Use of Unstructured Event-based Reports for Global Infectious Disease Surveillance

Mikaela Keller; Michael Blench; Herman Tolentino; Clark C. Freifeld; Kenneth D. Mandl; Abla Mawudeku; Gunther Eysenbach; John S. Brownstein


Emerging Infectious Diseases. 2009;15(5) 

In This Article

The GPHIN Project


GPHIN took early advantage of advancements in communication technologies to provide coordinated, near real-time, multisource, and multilingual information for monitoring emerging public health events.[20,21] In 1997, a prototype GPHIN system was developed in a partnership between the government of Canada and WHO. The objective was to determine the feasibility and effectiveness of using news media sources to continuously gather information about possible disease outbreaks worldwide and to rapidly alert international bodies of such events. The sources included websites, news wires, and local and national newspapers retrieved through news aggregators in English and French. After the outbreak of severe acute respiratory syndrome (SARS), a new, robust, multilingual GPHIN system was developed and was launched November 17, 2004, at the United Nations.

Data Acquisition

Automated Process The GPHIN software application retrieves relevant articles every 15 minutes (24 hours/day, 7 days/week) from news-feed aggregators (Al Bawaba [] and Factiva []) according to established search queries that are updated regularly. The matching articles are automatically categorized into >1 GPHIN taxonomy categories, which cover the following topics: animal, human, or plant diseases; biologics; natural disasters; chemical incidents; radiologic incidents; and unsafe products.

Articles with a high relevancy score are automatically published on the GPHIN database. The GPHIN database is also augmented with articles obtained manually from open-access web sites. Each day, GPHIN handles ≈4,000 articles. This number drastically increases when events with serious public health implications, such as the finding of melamine in various foods worldwide, are reported.

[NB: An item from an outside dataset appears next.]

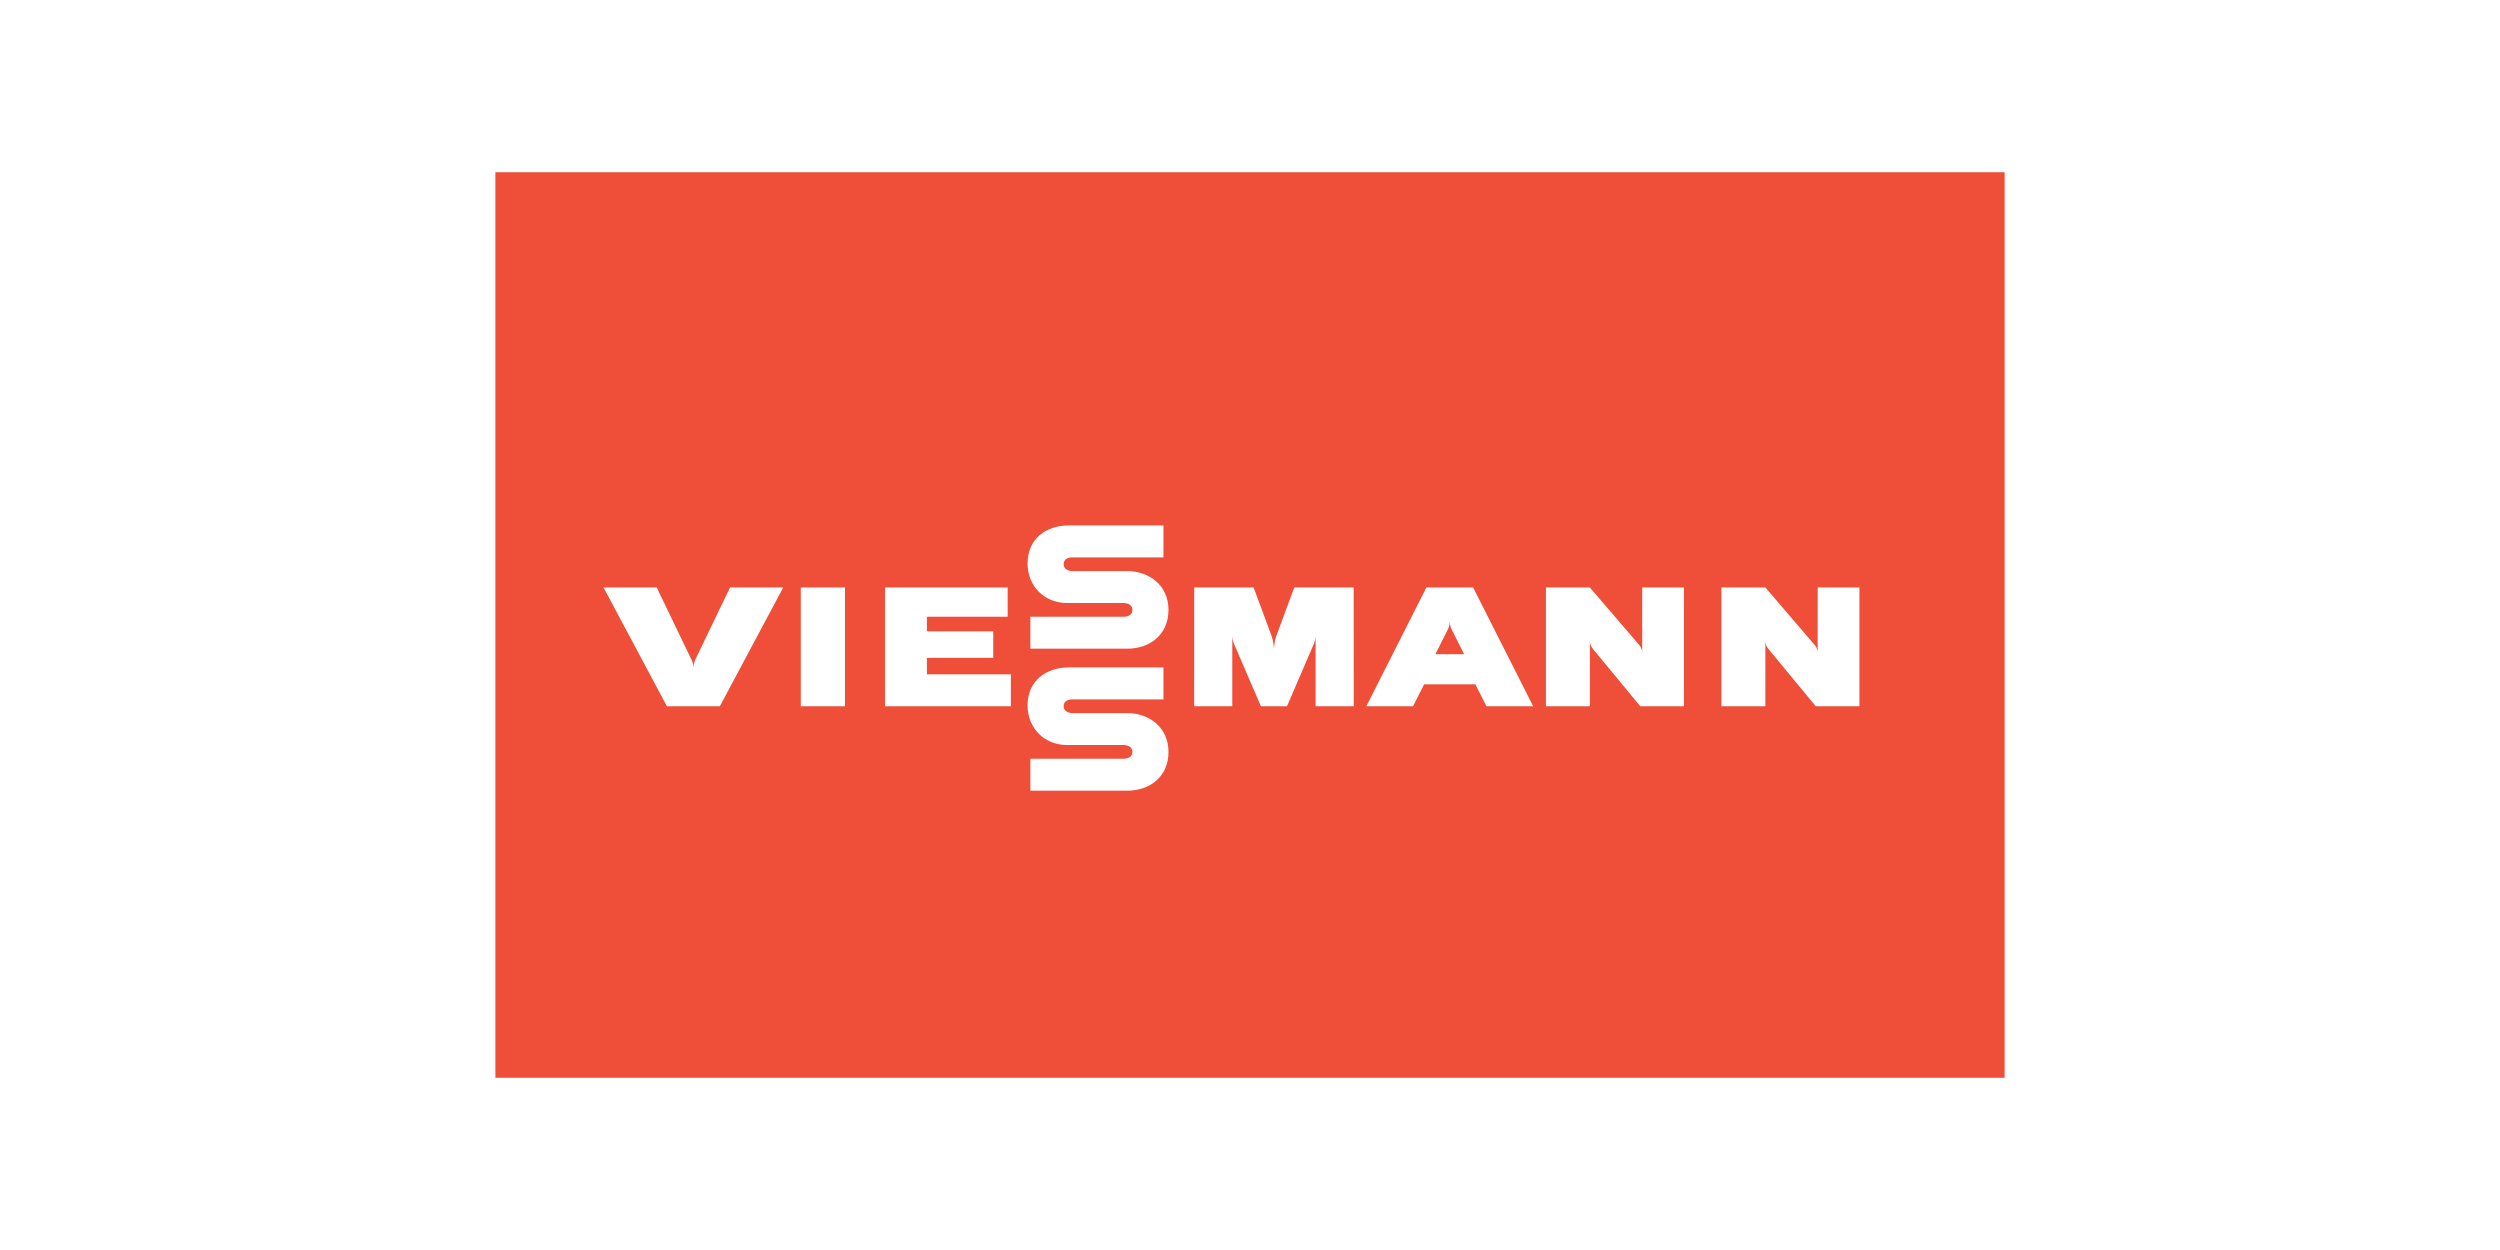 <?xml version="1.0" encoding="UTF-8"?> <svg xmlns="http://www.w3.org/2000/svg" xmlns:xlink="http://www.w3.org/1999/xlink" xml:space="preserve" width="300mm" height="150mm" version="1.1" style="shape-rendering:geometricPrecision; text-rendering:geometricPrecision; image-rendering:optimizeQuality; fill-rule:evenodd; clip-rule:evenodd" viewBox="0 0 30000 15000"> <defs> <style type="text/css"> .fil1 {fill:#EF4E38;fill-rule:nonzero} .fil0 {fill:white;fill-rule:nonzero} </style> </defs> <g id="Vrstva_x0020_1">  <g id="_1751532561264"> <polygon class="fil0" points="-0,0 30000,0 30000,15000 -0,15000 "></polygon> <g> <polygon class="fil1" points="5944.63,12933.22 24055.37,12933.22 24055.37,2066.78 5944.63,2066.78 "></polygon> <path class="fil0" d="M13526.95 6852.68c-25.76,0 -658.64,0 -658.64,0 -45.35,0 -104.62,-21.1 -104.62,-82.14 0,-65.2 59.27,-82.08 104.62,-82.08l1093.03 0 0 -383.55c0,0 -1121.06,0 -1134.47,0 -270.68,0 -495.93,156.59 -495.93,457.31 0,270.55 200.75,473.89 473.75,474.08l0.76 0c20.03,0 678.98,0 678.98,0 45.36,0 104.63,21.04 104.63,82.07 0,65.26 -59.27,82.27 -104.63,82.27l-1119.92 0 0 383.62c0,0 1147.76,0 1161.37,0 270.67,0 495.87,-165.1 495.87,-465.89 0,-305.38 -245.35,-465.69 -494.8,-465.69zm0 1703.98c-25.76,0 -658.64,-0.07 -658.64,-0.07 -45.35,0 -104.62,-21.04 -104.62,-82.08 0,-65.19 59.27,-82.14 104.62,-82.14l1093.03 0 0 -383.55c0,0 -1121.06,0 -1134.47,0 -270.68,0 -495.93,156.6 -495.93,457.38 0,270.55 200.75,473.88 473.75,474.01l0.76 0c20.03,0 678.98,0 678.98,0 45.36,0 104.63,21.1 104.63,82.14 0,65.2 -59.27,82.2 -104.63,82.2l-1119.92 0 0 383.62c0,0 1147.76,0 1161.37,0 270.67,0 495.87,-165.1 495.87,-465.82 0,-305.38 -245.35,-465.69 -494.8,-465.69zm-2404.06 -662.29l796.15 0 0 -318.49 -796.15 0 0 -175.18 969.18 0 0 -351.05 -1472.23 0 0 1425.56 1510.91 0 0 -383.62 -1007.86 0 0 -197.22zm-1513.49 580.84l530.64 0 0 -1425.56 -530.64 0 0 1425.56zm-1266.31 -558.67c-22.49,46.11 -22.49,96.44 -22.49,96.44 0,0 0,-50.33 -22.49,-96.44l-417.44 -866.89 -638.23 0 760.49 1425.56 635.33 0 760.5 -1425.56 -638.23 0 -417.44 866.89zm13469.22 -866.95l0 782.73c0,0 0,-50.33 -32.81,-88.63l-595.08 -693.97 -527.55 -0.13 0 1425.62 527.55 0 0 -782.67c0,0 0,50.27 31.56,88.44l573.09 694.23 523.96 0 0 -1425.49 -500.72 -0.13zm-2105.73 782.73c0,0 0,-50.33 -32.82,-88.63l-595.08 -693.97 -527.55 -0.13 0 1425.62 527.55 0 0 -782.67c0,0 0,50.27 31.56,88.44l573.1 694.23 523.96 0 0 -1425.49 -500.72 -0.13 0 782.73zm-2482.11 18.27c0.07,-0.19 128.13,-254.17 150.24,-298.2 22.42,-44.1 22.42,-94.43 22.42,-94.43 0,0 0,50.33 22.36,94.43 22.11,44.03 150.24,298.2 150.24,298.2l-345.26 0zm-107.71 -800.94l-720.56 1425.12 -0.19 0 0 0.25 -0.06 0.19 560.43 0 133.17 -263.56 615.11 0 133.16 263.56 560.43 0 -720.81 -1425.56 -560.68 0zm-1585.55 0l-218.46 590.23c-16.63,44.28 -24.5,130.14 -25.38,140.85 -0.95,-10.71 -8.82,-96.57 -25.45,-140.85l-218.39 -590.23 -713 -0.06 -0.63 1425.62 457.51 -0.07 0 -847.98c0,0 0,50.26 19.46,95.62l324.03 752.43 312.87 0 324.03 -752.43c19.47,-45.36 19.47,-95.62 19.47,-95.62l0 847.98 457.56 0.07 -0.69 -1425.62 -712.93 0.06z"></path> </g> </g> </g> </svg>

Human Analysis Process Although the GPHIN computerized processes are essential for the management of information about health threats worldwide, the linguistic, interpretive, and analytical expertise of the GPHIN analysts makes the system successful. Articles with relevancy below the "publish" threshold are presented to a GPHIN analyst, who reviews the article and decides whether to publish it, issue an alert, or dismiss it. Additionally, the GPHIN analyst team conducts more in-depth tasks, including linking events in different regions, identifying trends, and assessing the health risks to populations around the world.

Data Dissemination

Machine Translation English articles are machine-translated into Arabic, Chinese (simplified and traditional), Farsi, French, Russian, Portuguese, and Spanish. Non-English articles are machine-translated into English. GPHIN has adopted a best-of-breed approach in selecting engines for machine translation. The lexicons associated with the engines are constantly being improved to enhance the quality of the output. As such, the machine-translated outputs are edited by the appropriate GPHIN analysts. The goal is not to obtain a perfect translation but to ensure comprehensibility of the essence of the article.

Information Access Users can view the latest list of published articles or query the database by using both Boolean and translingual metadata search capabilities. In addition, notifications about events that might have serious public health consequences are immediately sent by email to users in the form of an alert.

Project Results

As an initial assessment of data collected during July 1998 through August 2001, WHO retrospectively verified 578 outbreaks, of which 56% were initially picked up and disseminated by GPHIN.[9] Outbreaks were reported in 132 countries, demonstrating GPHIN's capacity to monitor events occurring worldwide, despite the limitation of predominantly English (with some French) media sources.

One of GPHIN's earliest achievements occurred in December 1998, when the system was the first to provide preliminary information to the public health community about a new strain of influenza in northern People's Republic of China.[20] During the SARS outbreak, declared by WHO in March 2003, the GPHIN prototype demonstrated its potential as an early-warning system by detecting and informing the appropriate authorities (e.g., WHO, Public Health Agency of Canada) of an unusual respiratory illness outbreak occurring in Guangdong Province, China, as early as November 27, 2002. GPHIN was further able to continuously monitor and provide information about the number of suspected and probable SARS cases reported worldwide on a near real-time basis. GPHIN's information was ≈2–3 days ahead of the official WHO report of confirmed and probable cases worldwide.

In addition to outbreak reporting, GPHIN has also provided information that enabled public health officials to track global effects of the outbreak such as worldwide prevention and control measures, concerns of the general public, and economic or political effects. GPHIN is used daily by organizations such as WHO, the US Centers for Disease Control and Prevention (CDC), and the UN Food and Agricultural Organization.